“You are very late, Nychol!” cried a sharp voice; “the gallows was erected at noon, and it takes but six hours to come from Skongen to Vygla. Did you have an extra job?”
These questions were asked just as the door was opened. The woman who opened it, seeing two strange faces instead of the one which she expected, uttered a frightened, threatening shriek, and started back.
Her appearance was by no means reassuring. She was tall; she held above her head an iron lamp, which threw a bright light upon her face. Her livid features, her bony, angular figure, were corpse-like, and her hollow eyes emitted ominous flashes like those of a funeral torch. She wore a red serge petticoat, reaching to her bare feet, and apparently stained in spots with deeper red. Her fleshless breast was half covered by a man’s jacket of the same color, the sleeves of which were cut off at the elbow. The wind, coming in at the open door, blew about her head her long gray hair, which was insecurely fastened with a strip of bark, and lent an added ferocity to her savage face.
“Good lady,” said the younger of the new-comers, “the rain falls in floods; you have a roof, and we have gold.”
His aged comrade plucked him by the cloak, whispering, “Oh, master, what are you saying? If this be not the abode of the Devil, it is the habitation of some robber. Our money, instead of protecting us, will be our ruin.”

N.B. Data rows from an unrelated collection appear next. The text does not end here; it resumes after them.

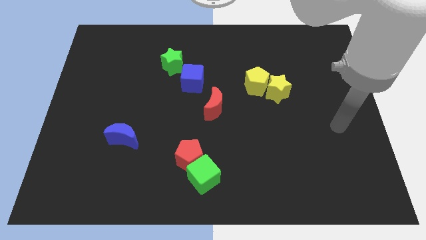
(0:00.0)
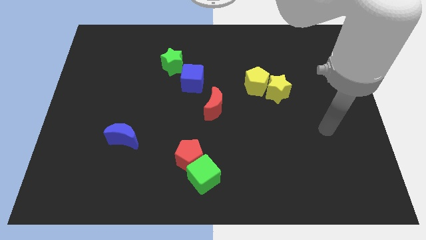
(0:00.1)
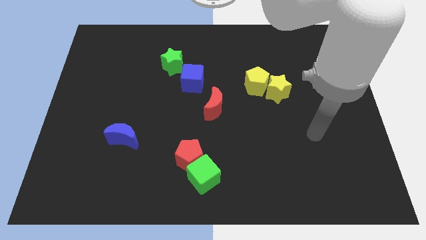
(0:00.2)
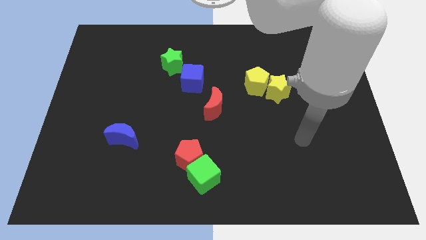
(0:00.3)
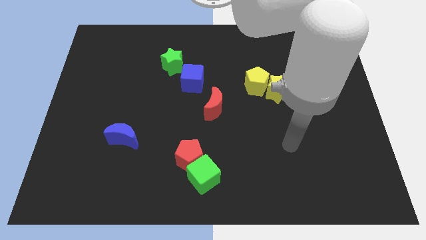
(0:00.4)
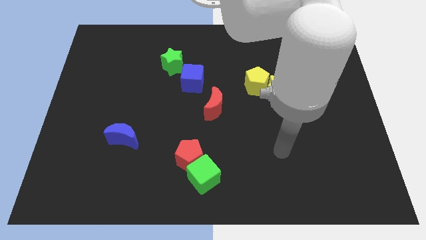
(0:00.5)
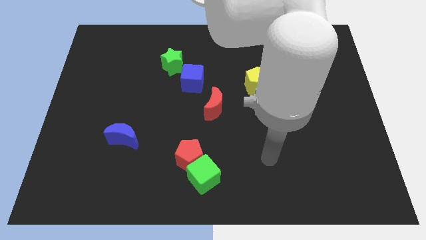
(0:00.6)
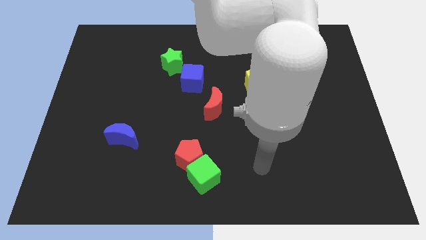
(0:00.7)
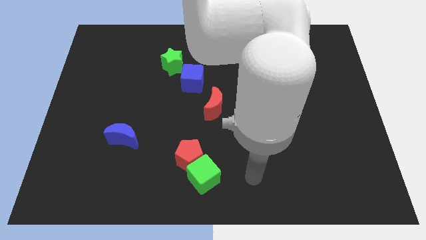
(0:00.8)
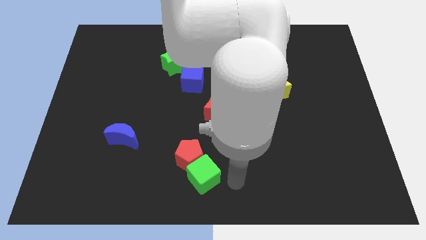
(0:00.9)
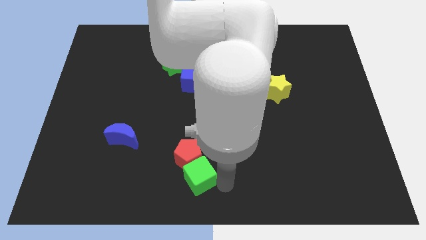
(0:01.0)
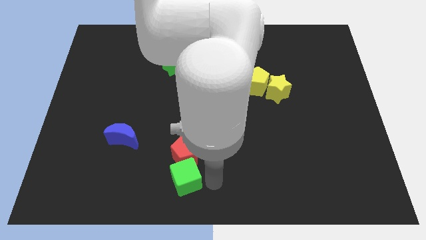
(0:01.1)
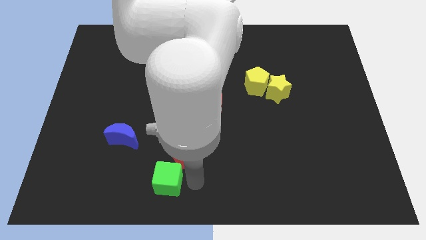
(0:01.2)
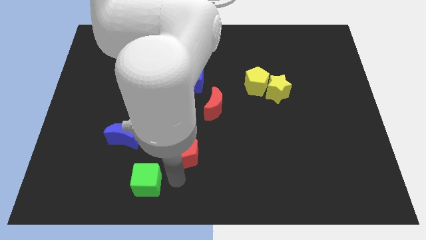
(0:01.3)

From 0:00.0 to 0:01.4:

“Hush!” said the young man; and drawing a purse from his bosom, he displayed it to his hostess, repeating his request as he did so.
The woman, recovering from her surprise, studied them in turn with fixed and haggard eyes.

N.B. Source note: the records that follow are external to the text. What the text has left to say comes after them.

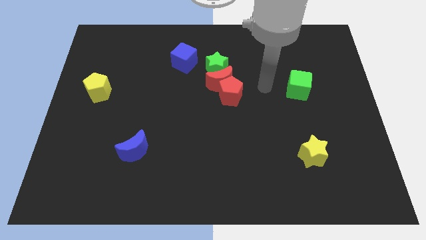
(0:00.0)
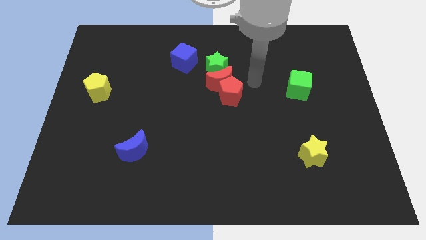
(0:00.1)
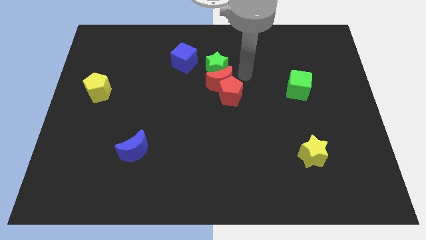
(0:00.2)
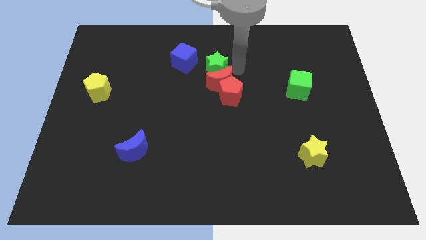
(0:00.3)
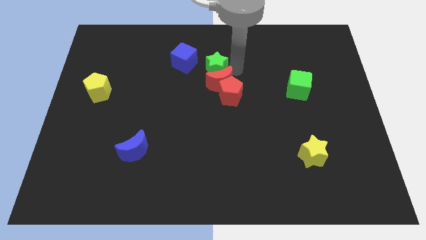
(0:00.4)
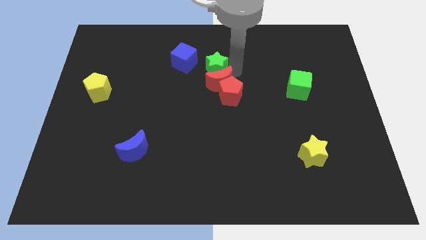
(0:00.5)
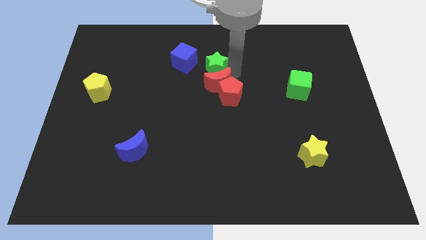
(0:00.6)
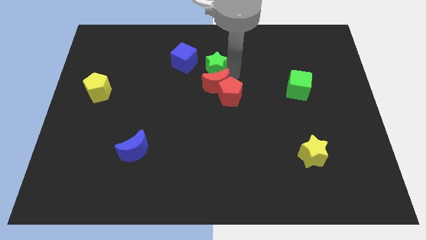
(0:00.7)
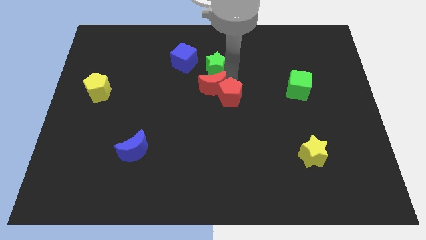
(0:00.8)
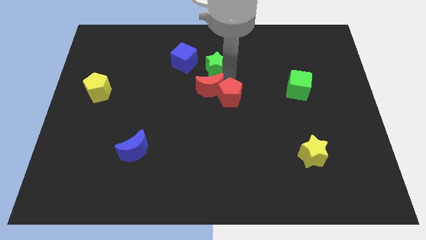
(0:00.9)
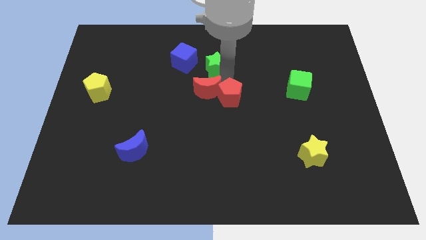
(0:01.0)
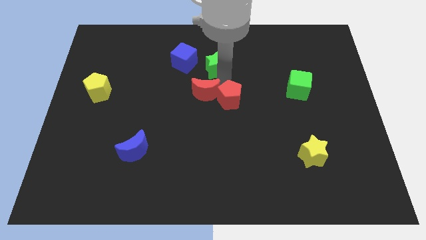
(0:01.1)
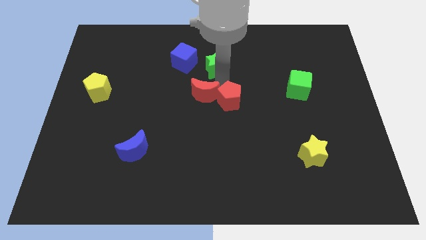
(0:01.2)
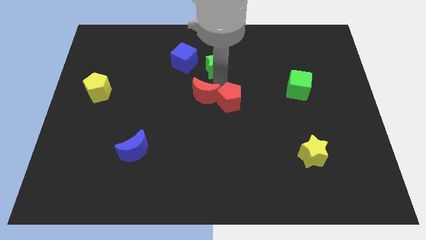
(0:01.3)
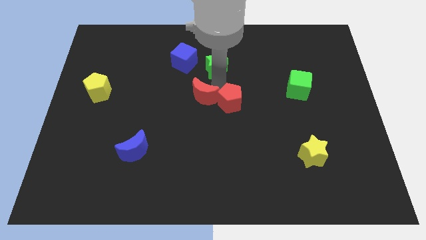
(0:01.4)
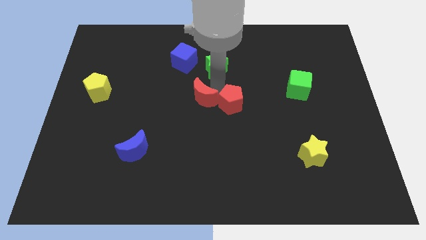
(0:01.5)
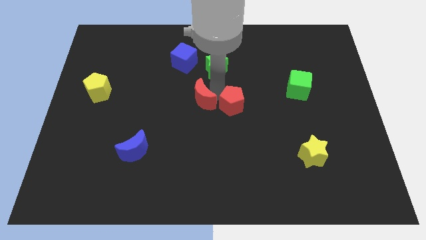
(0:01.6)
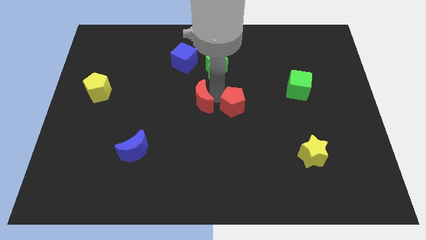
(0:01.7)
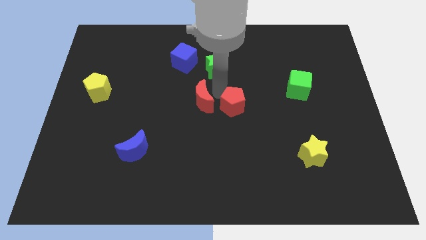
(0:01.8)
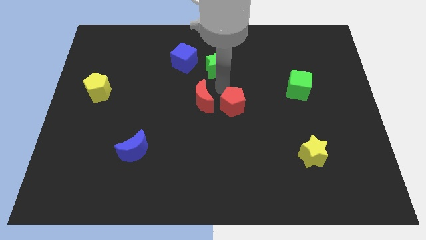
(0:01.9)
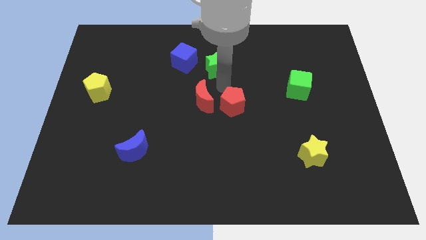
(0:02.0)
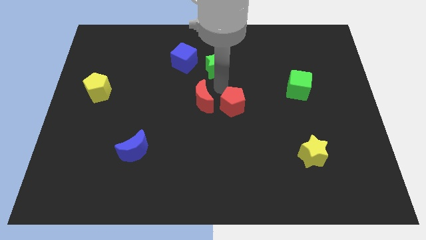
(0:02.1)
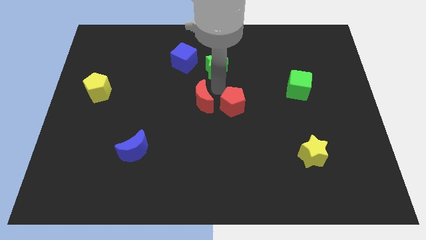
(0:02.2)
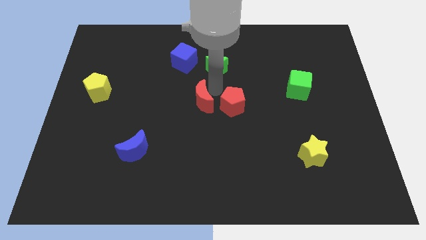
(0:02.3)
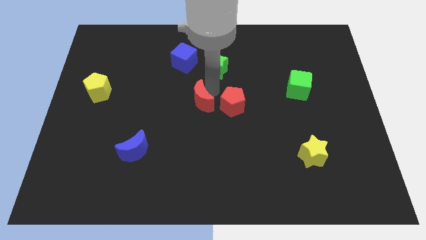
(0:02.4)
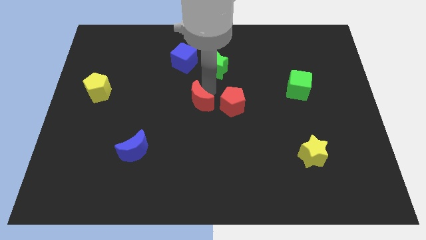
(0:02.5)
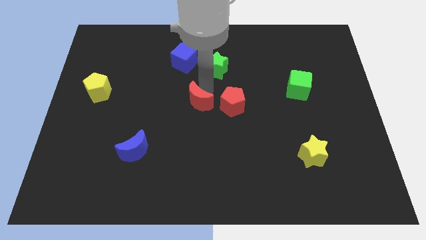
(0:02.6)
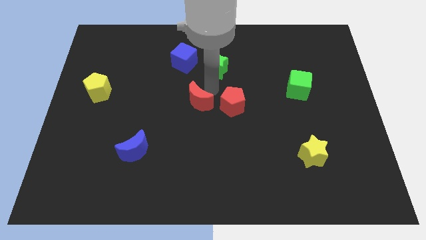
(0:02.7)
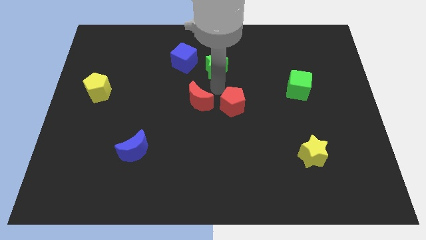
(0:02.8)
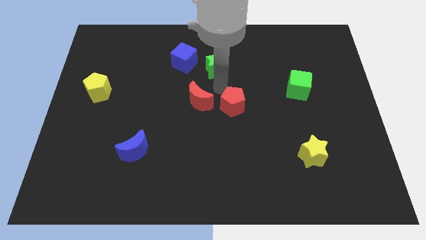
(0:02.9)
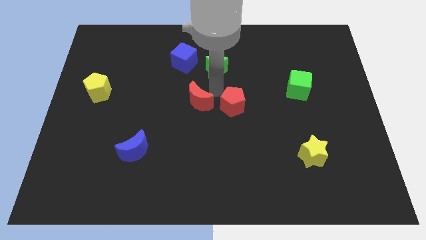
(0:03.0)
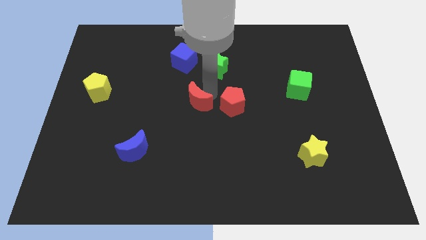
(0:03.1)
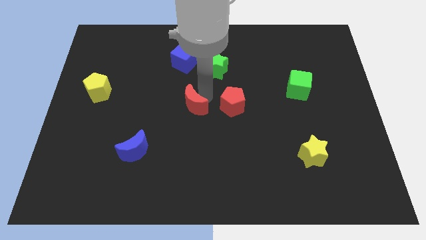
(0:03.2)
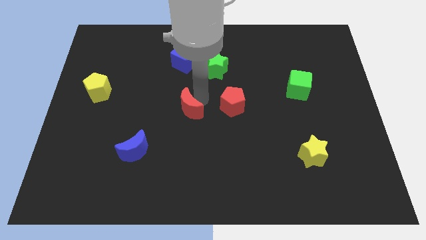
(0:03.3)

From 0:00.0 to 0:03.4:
pull the red moon apart from the red pentagon and green star

“Strangers,” she cried at last, as if she had not heard their voices, “have your guardian angels forsaken you? What would you with the cursed inhabitants of the Cursed Tower? Strangers, they were no mortals who sent you here for shelter, or they would have told you: Better are the lightning and the storm than the hearth within Vygla tower. The only living man who may enter here, enters the abode of no other human being; he only leaves solitude for a crowd; he lives only by death; he has no place save in the curses of men; he serves their vengeance only; he exists by their crimes alone; and the vilest criminal, in the hour of his doom, vents on him the universal scorn, and feels that he has a right to add to it his own contempt. Strangers! You must indeed be strangers, for your foot does not yet shrink with horror from the threshold of this tower. Disturb no longer the she-wolf and her cubs; return to the road travelled by the rest of mankind, and if you would not be shunned by your fellows, do not tell them that your face ever caught the rays of the lamp of the dwellers in Vygla tower.” With these words, pointing to the door, she advanced toward the two travellers. The old man trembled in every limb, and looked imploringly at the young man, who, understanding nothing of the tall woman’s words because of the great rapidity of her speech, thought her crazy, and was in no wise disposed to go out again into the rain, which still fell heavily.
“Faith, good hostess, you describe a strange character, whose acquaintance I would not lose this chance of making.”
“His acquaintance, young man, is soon made, sooner ended. If your evil spirit urge you to seek it, go kill some living man, or profane the dead.”